On sandbox boot, seccomp filters are applied to the sandbox. Seccomp filters applied to the sandbox constrain the set of syscalls that it can make to the host kernel, blocking access to most host kernel vulnerabilities even if the sandbox becomes compromised.

For example, CVE-2022-0185 is mitigated because gVisor itself handles the syscalls required to use namespaces and capabilities, so the application is using gVisor’s implementation, not the host kernel’s. For a compromised sandbox, the syscalls required to exploit the vulnerability are blocked by seccomp filters.

In addition, seccomp-bpf filters can filter by argument names allowing us to allowlist granularly by ioctl(2) arguments. ioctl(2) is a source of many bugs in any kernel due to the complexity of its implementation. As of writing, gVisor does allowlist some ioctls by argument for things like terminal support.

For example, CVE-2024-21626 is mitigated by gVisor because the application would use gVisor’s implementation of ioctl(2).

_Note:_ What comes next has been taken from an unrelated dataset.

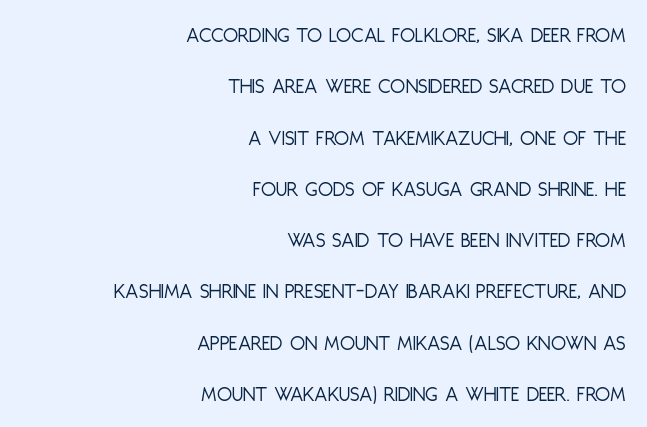
Standard letterfit; no display-style spreading of the glyphs. Check the space under the baseline: it is left empty. Rows of type keep a wide berth in the vertical direction. The type sits square on the baseline with zero lean.

For a compromised sentry, ioctl(2) calls with the needed arguments are not in the seccomp filter allowlist, blocking the attacker from making the call. gVisor also mitigates similar vulnerabilities that come with device drivers (CVE-2023-33107).

tpuproxy Security

Recall that tpuproxy allows applications to directly interact with supported ioctls used by the TPU driver.

gVisor’s seccomp filter rules are modified such that ioctl(2) calls can be made only for supported ioctls. This approach is similar to the allowlisted ioctls for terminal support described above. This allows gVisor to retain the vast majority of its protection for the host while allowing access to TPUs. All of the above CVEs remain mitigated even when tpuproxy is used.

However, gVisor is much less effective at mitigating vulnerabilities within the TPU drivers themselves, because gVisor passes through calls to be handled by the kernel driver. If there is a vulnerability in the TPU driver for a given ioctl that gVisor passes through, then gVisor will also be vulnerable.

In addition, gVisor doesn’t introduce any additional hardware-level isolation beyond that which is configured by the host. There is no validation of things like DMA buffers. The only checks are done in seccomp-bpf rules to ensure ioctl(2) calls are made on supported and allowlisted ioctls.

NOTE: TPU V5 and beyond uses the VFIO Linux interface to drive TPU hardware. Theoretically VFIO could be used to configure memory isolation using the host IOMMU. However, this requires manual setup by the user application and does not come configured out of the box by gVisor.

So, if you don’t protect against all the things, why even?

While gVisor doesn’t protect against all TPU driver vulnerabilities, it does protect against a large set of general vulnerabilities in Linux. Applications don’t just use TPUs, they use them as a part of a larger application that may include third party libraries. For example, Tensorflow suffers from the same kind of vulnerabilities that every application does. Designing and implementing an application with security in mind is hard and in the emerging AI space, security is often overlooked in favor of getting to market fast. There are also many services that allow users to run external users’ code on the vendor’s infrastructure. gVisor is well suited as part of a larger security plan for these and other use cases.